I was thinking about the implementation of the factorial in Python. I was comparing in my mind 2 different solutions: The recursive one, and the one that uses a loop. Here are example implementations for them:

def factorial_recursive(n):
    if n == 1:
        return 1
    return n * factorial_recursive(n - 1)

def factorial_loop(n):
    result = 1
    for i in range(1, n + 1):
        result *= i
    return result

I know that the recursive one is problematic, because it's putting a lot of items on the stack. In fact it's using the stack as if it was a loop variable. The stack wasn't meant to be used like that.

Then the question came to me, why? Maybe the stack could be built to handle this kind of (ab)use?

I read about tail-call optimization on Wikipedia. If I understand correctly, the gist of it is that the interpreter tries to recognize, on a frame-by-frame basis, which frames could be completely eliminated, and then it eliminates those. Then I read Guido's blog post explaining why he doesn't want it in Python. In that post he outlined 4 different reasons why TCO shouldn't be implemented in Python.

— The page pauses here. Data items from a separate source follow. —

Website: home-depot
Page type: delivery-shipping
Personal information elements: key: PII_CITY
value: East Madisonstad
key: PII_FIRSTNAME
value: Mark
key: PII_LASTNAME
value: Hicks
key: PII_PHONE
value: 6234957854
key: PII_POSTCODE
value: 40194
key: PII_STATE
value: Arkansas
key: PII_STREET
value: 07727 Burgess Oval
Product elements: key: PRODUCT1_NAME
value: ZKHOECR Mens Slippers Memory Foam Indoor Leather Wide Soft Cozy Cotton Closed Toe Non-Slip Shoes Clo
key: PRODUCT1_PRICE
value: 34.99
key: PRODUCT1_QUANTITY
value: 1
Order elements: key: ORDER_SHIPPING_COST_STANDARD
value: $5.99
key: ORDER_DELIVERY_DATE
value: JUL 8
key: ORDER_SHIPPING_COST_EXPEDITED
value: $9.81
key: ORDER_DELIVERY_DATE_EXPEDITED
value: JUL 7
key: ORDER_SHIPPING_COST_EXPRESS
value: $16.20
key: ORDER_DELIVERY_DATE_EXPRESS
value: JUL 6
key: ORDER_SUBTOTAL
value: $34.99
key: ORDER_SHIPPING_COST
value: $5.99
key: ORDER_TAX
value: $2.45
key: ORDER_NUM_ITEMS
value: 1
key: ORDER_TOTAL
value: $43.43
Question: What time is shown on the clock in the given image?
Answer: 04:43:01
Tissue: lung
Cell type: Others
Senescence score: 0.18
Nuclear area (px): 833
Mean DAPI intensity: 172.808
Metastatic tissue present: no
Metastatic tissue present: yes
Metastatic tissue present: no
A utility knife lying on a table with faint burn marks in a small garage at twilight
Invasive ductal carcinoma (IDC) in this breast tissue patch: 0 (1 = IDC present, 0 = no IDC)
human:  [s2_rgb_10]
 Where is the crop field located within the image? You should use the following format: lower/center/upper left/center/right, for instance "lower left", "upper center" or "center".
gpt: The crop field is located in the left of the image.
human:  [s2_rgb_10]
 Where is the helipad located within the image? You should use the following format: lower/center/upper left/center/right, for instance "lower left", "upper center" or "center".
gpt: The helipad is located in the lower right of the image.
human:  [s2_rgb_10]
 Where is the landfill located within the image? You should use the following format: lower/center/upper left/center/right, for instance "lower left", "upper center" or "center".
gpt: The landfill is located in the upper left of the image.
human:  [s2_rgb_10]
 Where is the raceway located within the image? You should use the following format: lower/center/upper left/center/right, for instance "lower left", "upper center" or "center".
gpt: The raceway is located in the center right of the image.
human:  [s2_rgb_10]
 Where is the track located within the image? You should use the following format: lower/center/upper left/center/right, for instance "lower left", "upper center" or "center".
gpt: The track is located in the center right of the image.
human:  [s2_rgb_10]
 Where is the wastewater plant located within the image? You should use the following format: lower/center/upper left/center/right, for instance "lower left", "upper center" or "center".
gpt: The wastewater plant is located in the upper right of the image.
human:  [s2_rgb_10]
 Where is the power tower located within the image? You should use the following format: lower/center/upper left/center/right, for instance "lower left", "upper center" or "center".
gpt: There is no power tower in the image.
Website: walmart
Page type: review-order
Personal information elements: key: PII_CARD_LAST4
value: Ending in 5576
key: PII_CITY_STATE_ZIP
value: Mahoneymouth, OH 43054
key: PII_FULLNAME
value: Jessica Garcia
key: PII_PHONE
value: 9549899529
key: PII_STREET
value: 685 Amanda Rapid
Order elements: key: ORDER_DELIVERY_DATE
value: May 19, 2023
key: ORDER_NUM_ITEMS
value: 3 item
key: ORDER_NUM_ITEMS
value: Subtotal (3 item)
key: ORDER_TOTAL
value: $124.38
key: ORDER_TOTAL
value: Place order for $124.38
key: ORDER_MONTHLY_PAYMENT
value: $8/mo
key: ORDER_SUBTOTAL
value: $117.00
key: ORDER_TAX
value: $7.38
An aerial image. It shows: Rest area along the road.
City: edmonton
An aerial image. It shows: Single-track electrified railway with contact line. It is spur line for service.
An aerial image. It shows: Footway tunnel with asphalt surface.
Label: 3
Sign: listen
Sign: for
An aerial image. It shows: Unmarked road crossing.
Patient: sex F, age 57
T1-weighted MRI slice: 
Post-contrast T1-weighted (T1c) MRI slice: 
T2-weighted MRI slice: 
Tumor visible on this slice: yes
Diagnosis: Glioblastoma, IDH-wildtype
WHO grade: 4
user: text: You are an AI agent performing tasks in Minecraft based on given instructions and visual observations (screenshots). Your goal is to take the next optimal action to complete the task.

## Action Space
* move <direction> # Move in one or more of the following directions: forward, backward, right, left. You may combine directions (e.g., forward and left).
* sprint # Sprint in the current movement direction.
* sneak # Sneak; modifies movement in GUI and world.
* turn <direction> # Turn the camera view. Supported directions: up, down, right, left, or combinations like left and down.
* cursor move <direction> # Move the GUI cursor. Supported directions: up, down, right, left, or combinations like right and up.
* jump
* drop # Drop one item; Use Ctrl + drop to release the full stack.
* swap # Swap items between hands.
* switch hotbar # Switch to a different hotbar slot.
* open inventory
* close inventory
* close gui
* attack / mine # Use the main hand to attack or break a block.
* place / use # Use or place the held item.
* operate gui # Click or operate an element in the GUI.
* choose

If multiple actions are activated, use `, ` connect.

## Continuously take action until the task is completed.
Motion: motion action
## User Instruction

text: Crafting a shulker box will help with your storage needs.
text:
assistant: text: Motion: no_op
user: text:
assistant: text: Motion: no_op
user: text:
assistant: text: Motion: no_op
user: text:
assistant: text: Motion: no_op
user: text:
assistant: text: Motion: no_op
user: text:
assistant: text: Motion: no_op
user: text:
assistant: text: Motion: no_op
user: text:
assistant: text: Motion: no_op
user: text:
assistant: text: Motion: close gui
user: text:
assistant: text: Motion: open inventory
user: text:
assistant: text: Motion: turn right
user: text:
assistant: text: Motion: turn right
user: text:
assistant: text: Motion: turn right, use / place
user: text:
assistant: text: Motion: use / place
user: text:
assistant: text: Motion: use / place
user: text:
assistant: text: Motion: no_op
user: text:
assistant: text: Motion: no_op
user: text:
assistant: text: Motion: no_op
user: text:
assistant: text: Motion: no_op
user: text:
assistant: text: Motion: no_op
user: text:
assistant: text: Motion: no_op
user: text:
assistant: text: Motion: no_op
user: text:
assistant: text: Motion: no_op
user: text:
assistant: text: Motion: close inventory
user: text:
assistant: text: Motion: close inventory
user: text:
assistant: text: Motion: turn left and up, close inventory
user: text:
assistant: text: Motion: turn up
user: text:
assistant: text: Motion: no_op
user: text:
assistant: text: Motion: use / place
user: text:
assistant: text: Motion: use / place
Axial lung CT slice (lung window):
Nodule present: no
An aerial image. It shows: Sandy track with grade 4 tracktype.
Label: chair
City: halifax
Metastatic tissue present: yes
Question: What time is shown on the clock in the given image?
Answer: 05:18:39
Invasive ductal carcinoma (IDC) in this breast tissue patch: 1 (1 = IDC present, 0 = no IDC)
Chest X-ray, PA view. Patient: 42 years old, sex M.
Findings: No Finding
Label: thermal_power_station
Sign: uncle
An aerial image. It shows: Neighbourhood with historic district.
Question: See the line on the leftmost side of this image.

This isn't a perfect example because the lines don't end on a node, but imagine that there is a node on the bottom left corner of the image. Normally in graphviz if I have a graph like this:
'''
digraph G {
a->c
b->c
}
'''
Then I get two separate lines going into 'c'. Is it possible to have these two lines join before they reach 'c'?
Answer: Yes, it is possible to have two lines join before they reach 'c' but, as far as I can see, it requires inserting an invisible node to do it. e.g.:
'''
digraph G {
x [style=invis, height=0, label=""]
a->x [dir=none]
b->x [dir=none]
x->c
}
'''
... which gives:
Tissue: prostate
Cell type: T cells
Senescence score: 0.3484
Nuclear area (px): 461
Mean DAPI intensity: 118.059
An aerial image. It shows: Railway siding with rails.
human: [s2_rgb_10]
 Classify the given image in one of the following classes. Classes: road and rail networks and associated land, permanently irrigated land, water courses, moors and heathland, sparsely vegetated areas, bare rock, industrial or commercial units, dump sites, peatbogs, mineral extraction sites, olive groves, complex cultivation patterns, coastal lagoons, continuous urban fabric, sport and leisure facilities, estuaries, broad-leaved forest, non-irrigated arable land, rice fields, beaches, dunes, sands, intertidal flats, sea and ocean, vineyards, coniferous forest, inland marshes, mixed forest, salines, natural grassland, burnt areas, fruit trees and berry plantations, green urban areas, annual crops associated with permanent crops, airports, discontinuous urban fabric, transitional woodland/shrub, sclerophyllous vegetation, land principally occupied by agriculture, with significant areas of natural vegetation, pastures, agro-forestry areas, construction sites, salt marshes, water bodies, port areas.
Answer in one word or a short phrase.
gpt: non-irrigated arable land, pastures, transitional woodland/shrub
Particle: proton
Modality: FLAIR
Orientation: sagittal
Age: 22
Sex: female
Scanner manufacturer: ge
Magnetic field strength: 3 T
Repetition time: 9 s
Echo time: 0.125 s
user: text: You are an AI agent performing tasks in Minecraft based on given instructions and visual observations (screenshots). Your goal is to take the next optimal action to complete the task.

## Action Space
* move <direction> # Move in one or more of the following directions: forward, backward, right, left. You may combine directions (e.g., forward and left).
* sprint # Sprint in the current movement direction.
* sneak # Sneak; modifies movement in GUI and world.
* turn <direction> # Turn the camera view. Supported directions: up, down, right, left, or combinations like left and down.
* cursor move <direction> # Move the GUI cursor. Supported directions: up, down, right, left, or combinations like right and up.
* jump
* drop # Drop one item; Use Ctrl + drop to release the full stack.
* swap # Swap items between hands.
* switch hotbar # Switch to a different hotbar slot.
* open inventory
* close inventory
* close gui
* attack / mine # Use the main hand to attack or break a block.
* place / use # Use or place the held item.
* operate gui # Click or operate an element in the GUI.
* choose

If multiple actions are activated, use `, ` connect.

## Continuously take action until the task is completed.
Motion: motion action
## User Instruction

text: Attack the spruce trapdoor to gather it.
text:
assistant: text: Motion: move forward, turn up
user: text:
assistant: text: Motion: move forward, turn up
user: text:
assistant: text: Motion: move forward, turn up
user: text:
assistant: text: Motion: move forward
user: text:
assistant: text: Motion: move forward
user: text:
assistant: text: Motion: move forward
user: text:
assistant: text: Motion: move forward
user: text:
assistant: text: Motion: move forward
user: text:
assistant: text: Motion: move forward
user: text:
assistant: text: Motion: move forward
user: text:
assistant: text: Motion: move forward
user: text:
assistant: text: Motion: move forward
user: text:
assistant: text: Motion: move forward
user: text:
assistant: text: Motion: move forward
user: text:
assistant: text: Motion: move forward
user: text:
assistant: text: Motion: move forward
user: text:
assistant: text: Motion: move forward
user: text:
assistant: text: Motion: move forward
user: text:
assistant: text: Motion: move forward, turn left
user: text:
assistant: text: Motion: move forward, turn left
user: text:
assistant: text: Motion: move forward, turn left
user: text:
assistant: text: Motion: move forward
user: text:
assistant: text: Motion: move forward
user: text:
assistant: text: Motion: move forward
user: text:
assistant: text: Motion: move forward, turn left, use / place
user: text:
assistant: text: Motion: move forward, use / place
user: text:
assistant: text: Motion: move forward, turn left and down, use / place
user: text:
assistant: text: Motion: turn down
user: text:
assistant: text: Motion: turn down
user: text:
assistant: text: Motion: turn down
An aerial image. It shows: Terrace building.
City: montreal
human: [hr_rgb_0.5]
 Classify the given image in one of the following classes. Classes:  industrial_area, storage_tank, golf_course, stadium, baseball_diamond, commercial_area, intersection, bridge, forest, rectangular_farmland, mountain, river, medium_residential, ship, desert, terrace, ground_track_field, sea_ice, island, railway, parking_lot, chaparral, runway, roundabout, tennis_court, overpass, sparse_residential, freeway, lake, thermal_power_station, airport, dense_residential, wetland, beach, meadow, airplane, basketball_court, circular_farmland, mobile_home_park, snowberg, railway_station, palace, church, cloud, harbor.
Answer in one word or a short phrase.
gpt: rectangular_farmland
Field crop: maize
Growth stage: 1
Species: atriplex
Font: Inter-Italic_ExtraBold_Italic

But then I thought, maybe you could do something smarter than eliminating individual stack frames. Maybe we could create something that is to the current implementation of the stack what `xrange` is to the old-style `range`. A smart object that allows access to any of a long list of items in it, without actually having to store those items. This would solve the first argument that Guido raises in his post, which I found to be the most substantial one.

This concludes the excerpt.